### [Try it]
Gather, from the data below, each line in which the word "chair" occurs.

(Dataset excerpts begins)

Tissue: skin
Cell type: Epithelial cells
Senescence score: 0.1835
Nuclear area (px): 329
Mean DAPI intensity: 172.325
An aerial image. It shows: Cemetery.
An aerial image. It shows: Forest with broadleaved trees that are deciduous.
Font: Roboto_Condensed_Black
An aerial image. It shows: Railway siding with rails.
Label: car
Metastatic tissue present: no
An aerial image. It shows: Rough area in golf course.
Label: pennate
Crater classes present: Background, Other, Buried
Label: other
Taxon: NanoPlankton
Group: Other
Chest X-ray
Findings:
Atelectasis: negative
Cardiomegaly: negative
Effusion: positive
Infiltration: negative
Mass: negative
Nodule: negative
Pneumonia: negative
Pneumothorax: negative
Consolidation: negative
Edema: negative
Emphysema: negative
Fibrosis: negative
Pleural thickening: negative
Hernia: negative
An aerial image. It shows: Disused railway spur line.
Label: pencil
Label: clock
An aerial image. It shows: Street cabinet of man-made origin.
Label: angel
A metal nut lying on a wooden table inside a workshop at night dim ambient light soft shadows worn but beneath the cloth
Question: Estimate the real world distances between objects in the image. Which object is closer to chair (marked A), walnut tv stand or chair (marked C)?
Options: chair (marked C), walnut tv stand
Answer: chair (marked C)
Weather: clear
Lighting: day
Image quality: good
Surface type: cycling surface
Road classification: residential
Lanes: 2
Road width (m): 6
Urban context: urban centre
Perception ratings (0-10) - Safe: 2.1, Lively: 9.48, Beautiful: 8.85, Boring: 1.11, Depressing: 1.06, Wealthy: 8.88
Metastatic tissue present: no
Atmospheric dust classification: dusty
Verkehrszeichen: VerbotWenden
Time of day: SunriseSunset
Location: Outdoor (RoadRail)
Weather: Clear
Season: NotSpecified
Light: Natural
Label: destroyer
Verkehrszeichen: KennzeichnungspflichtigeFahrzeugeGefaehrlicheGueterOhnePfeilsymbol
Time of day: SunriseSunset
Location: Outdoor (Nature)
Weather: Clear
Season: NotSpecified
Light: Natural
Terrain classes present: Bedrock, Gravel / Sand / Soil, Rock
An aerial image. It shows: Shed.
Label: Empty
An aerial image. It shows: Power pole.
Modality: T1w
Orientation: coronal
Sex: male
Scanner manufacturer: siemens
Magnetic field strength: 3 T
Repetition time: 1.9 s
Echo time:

(Dataset excerpts ends)

### [Solution for this task]
Question: Estimate the real world distances between objects in the image. Which object is closer to chair (marked A), walnut tv stand or chair (marked C)?
Options: chair (marked C), walnut tv stand
Answer: chair (marked C)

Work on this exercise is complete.